How can I allow my program to recognize my input?

edit: also when I remove the ' in my case '1', it still displays the same output.
• 10-29-2008
Salem
Consider learning how to indent before typing much more code.
Code:

```#include <stdio.h> #include <math.h> int main() {     double x, y, y2;     int n_term;     printf("Enter -1<x<1 : ");     scanf("&#37;lf",&x);     y = log (x);     printf("\nTrue value of log(1+x) = %.5f\n\n",y);     do {         printf("Enter an integer 1-4; 0 to Exit\n");         scanf("%d",&n_term);         switch (n_term){         case '1':             printf("\n1 term approximation\n");             y2 = x;             printf("Approximate log(1+x) = %.5f",y2);             break;         case '2':             printf("\n2 term approximation\n");             y2 = x - (pow(x,2)/2);             printf("Approximate log(1+x) = %.5f",y2);             break;         case '3':             printf("\n2 term approximation\n");             y2 = x - (pow(x,2)/2) + (pow(x,3)/3);             break;             printf("Approximate log(1+x) = %.5f",y2);         case '4':             y2 = x - (pow(x,2)/2) + (pow(x,3)/3) - (pow(x,4)/4);             break;         case '0':             break;         default:             printf("unrecognized operator");             break;         }     }     while (n_term != 0);     scanf("%lf",&x); }```
Clearer?
• 10-29-2008
tabstop
Read Mats' reply again, and recognize that '1' and 1 are not, in fact, the same thing.
• 10-29-2008
dakarn
I changed the "case '1'" to a "case 1:" but the output still only prints "unrecognized operator". Any way to circumvent this problem?
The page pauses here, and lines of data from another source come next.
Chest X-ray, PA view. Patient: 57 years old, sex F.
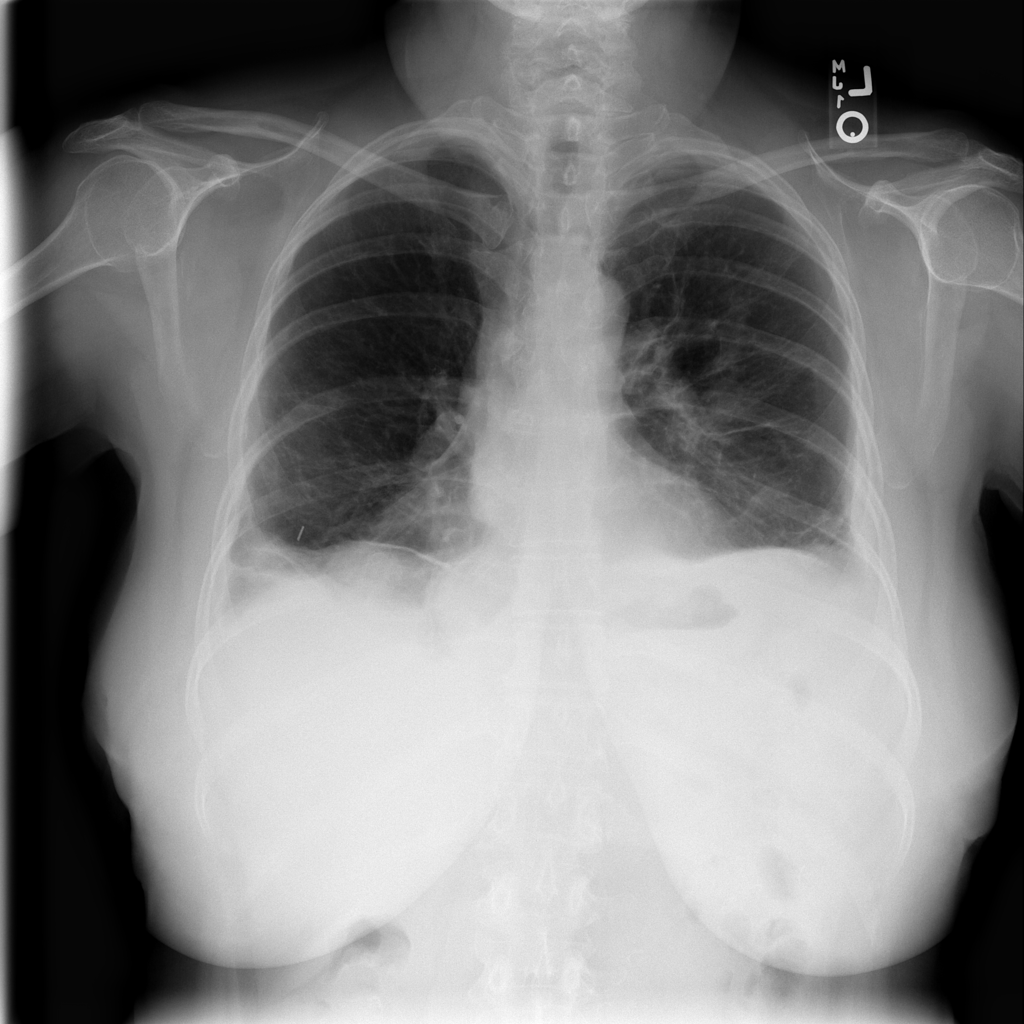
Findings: Infiltration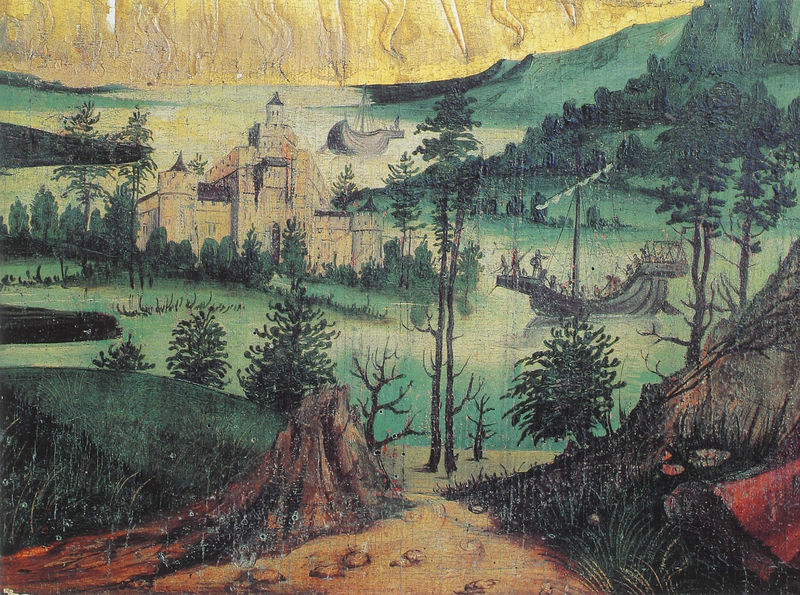
Titel: Altarretabel in der Blasiuskapelle der Severikirche zu Erfurt
Künstler: Peter von Mainz
Standort: Erfurt, St-Severi-Kirche (EU - D - Thüringen)
Schlagwörter: berg, gemälde, himmel, meer, wasser, aquarell, bäume, fluss, gelb, grün, landschaft, menschen, sand, see, ufer, braun, licht, gebäude, gras, haus, rot, schloss, weg, malerei, steine, öl, horizont, gebüsch, sonne, insel, gold, wald, boot, boote, kahn, turm, schiff, schiffe, segel, segelschiffe, mast, segelschiff, berge, fels, farbe, old, tapestry, bucht, takelage, zinnen, ozean, tusche, buch, burg, strahlen, druck, illustration, sumpf, mittelalter, trees, grünlich, miniatur, stecken, baumstumpf, mee, seeleute, turkis, kahle bäume, genmälde, woodland, lanschaftgemälde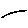
Label: line
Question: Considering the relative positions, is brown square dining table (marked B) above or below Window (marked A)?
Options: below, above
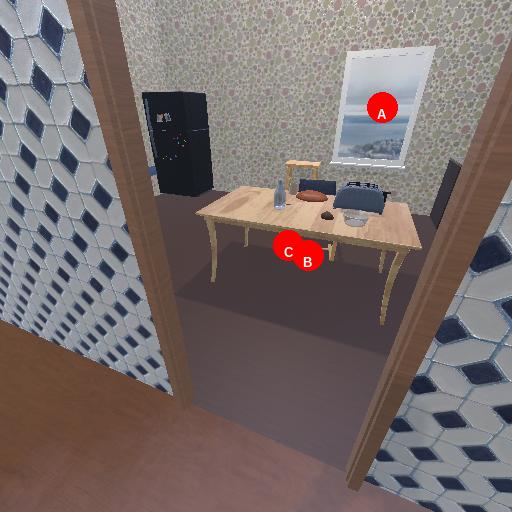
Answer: below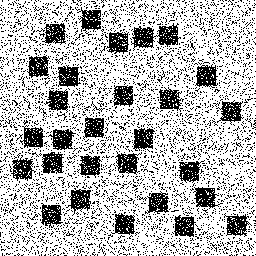
Squares: 28
Triangles: 0
Stars: 0
Total shapes: 28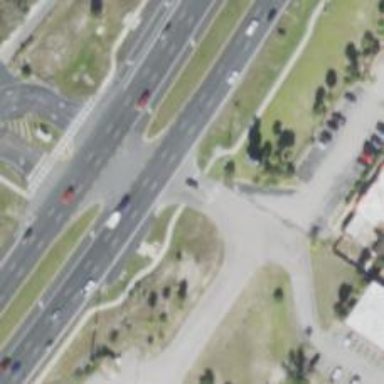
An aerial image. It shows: Crossing road.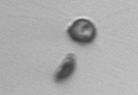
Label: Thalassiosira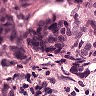
Metastatic tissue present: yes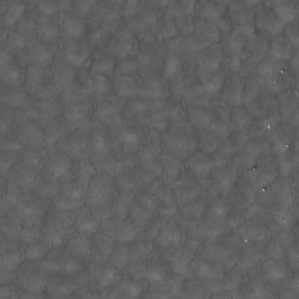
Label: non_frost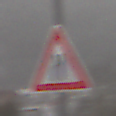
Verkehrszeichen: EinseitigVerengteFahrbahnLinks
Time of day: Midday
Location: Outdoor (Nature)
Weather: Overcast
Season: Winter
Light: Natural
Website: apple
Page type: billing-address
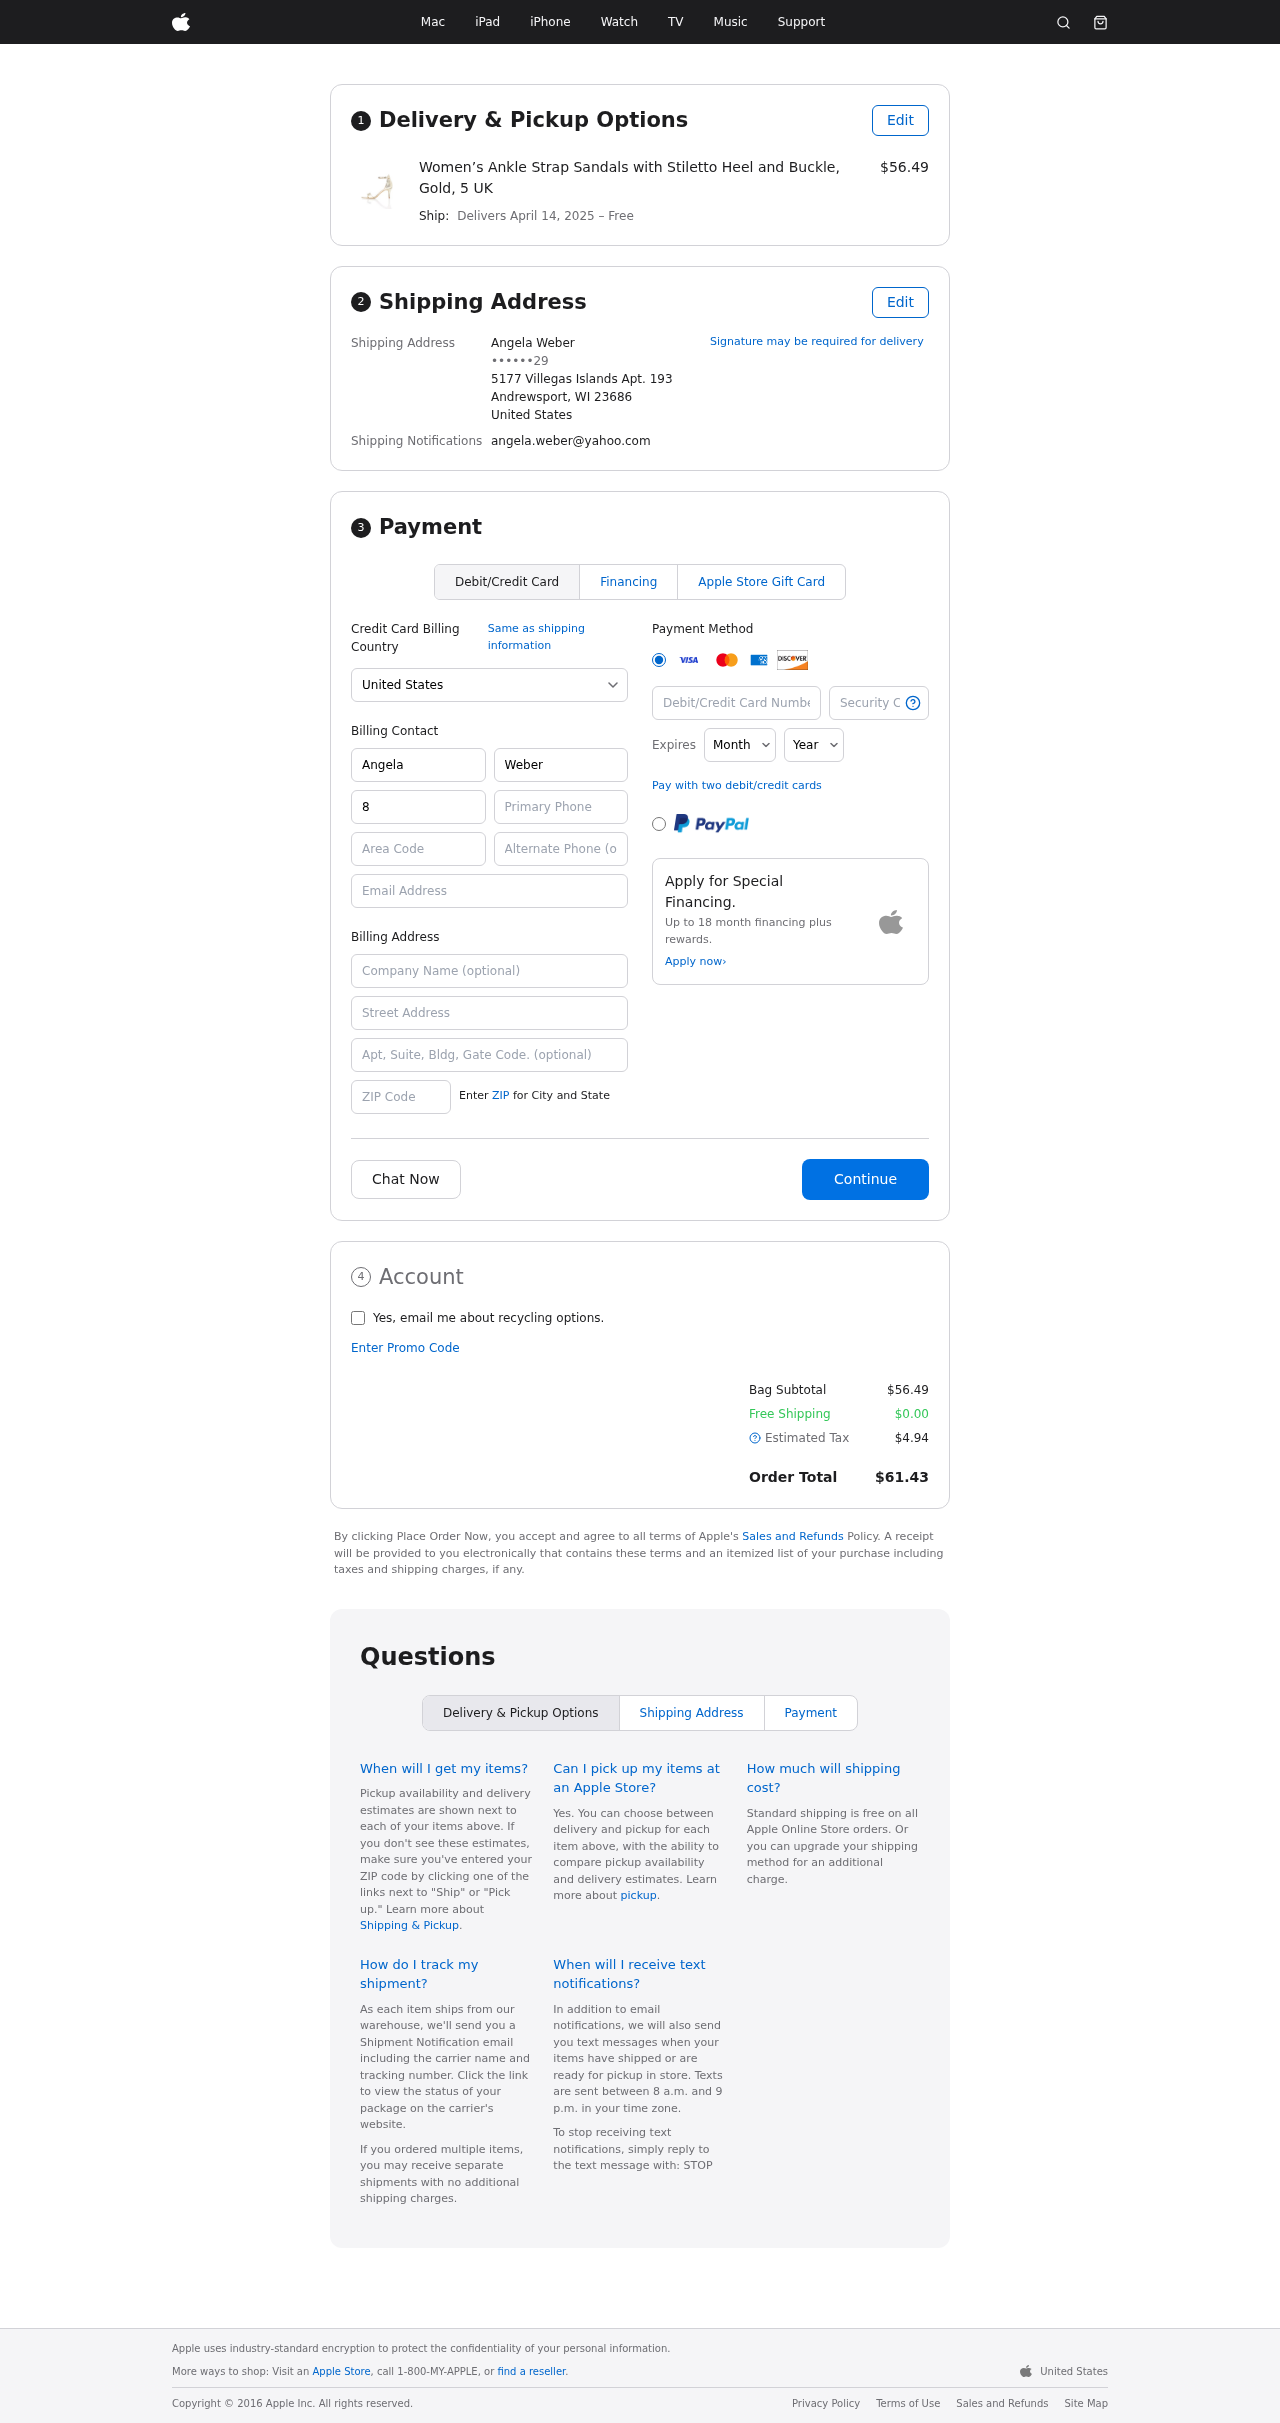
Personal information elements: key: PII_CARD_CVV
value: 8407
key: PII_CARD_EXPIRY_MONTH
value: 05
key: PII_CARD_EXPIRY_YEAR
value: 26
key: PII_CARD_NUMBER
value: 3727 4192 6690 941
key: PII_CITY_STATE_ZIP
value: Andrewsport, WI 23686
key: PII_COUNTRY
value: United States
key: PII_EMAIL
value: angela.weber@yahoo.com
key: PII_FULLNAME
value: Angela Weber
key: PII_STREET
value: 5177 Villegas Islands Apt. 193
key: PII_PHONE_MASKED
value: ••••••29
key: PII_BILLING_FIRSTNAME
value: Angela
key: PII_BILLING_LASTNAME
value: Weber
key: PII_BILLING_PHONE_AREA
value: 898
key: PII_BILLING_PHONE
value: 8987728229
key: PII_BILLING_PHONE_ALT_AREA
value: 891
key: PII_BILLING_PHONE_ALT
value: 8918731672
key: PII_BILLING_EMAIL
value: angela.weber@yahoo.com
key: PII_BILLING_COMPANY
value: Johnson PLC
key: PII_BILLING_STREET
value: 5177 Villegas Islands Apt. 193
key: PII_BILLING_POSTCODE
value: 23686
Product elements: key: PRODUCT1_NAME
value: Women’s Ankle Strap Sandals with Stiletto Heel and Buckle, Gold, 5 UK
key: PRODUCT1_PRICE
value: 56.49
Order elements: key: ORDER_DELIVERY_DATE
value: April 14, 2025
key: ORDER_SUBTOTAL
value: $56.49
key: ORDER_SHIPPING_COST
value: $0.00
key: ORDER_TAX
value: $4.94
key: ORDER_TOTAL
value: $61.43

Thanks for the indents Salem! I'm coding on putty so I gave up on the proper indenting halfway though.
• 10-29-2008
dwks
 It should work, assuming you also changed case '2' to case 2 and so on. And keep in mind that any printf()s after break statements will not be executed. [/edit]

Also, since you're using a switch statement, you could use a fall-through switch to simplify the calculation and reduce some duplicate code. That's probably not the best idea, though, since you could get the same behaviour, but much more extensible, with a for loop. For example:
Code:

```for(i = 2; i < n; i ++) {     y2 -= (-1 * i) * (pow(i, x) / x); }```
Just a thought. And I'm sure you can come up with a more readable loop than I have provided.
• 10-29-2008
ch4
Quote:

Originally Posted by dakarn
I changed the "case '1'" to a "case 1:" but the output still only prints "unrecognized operator".

I changed it too but output doesn't include "unrecognized operator".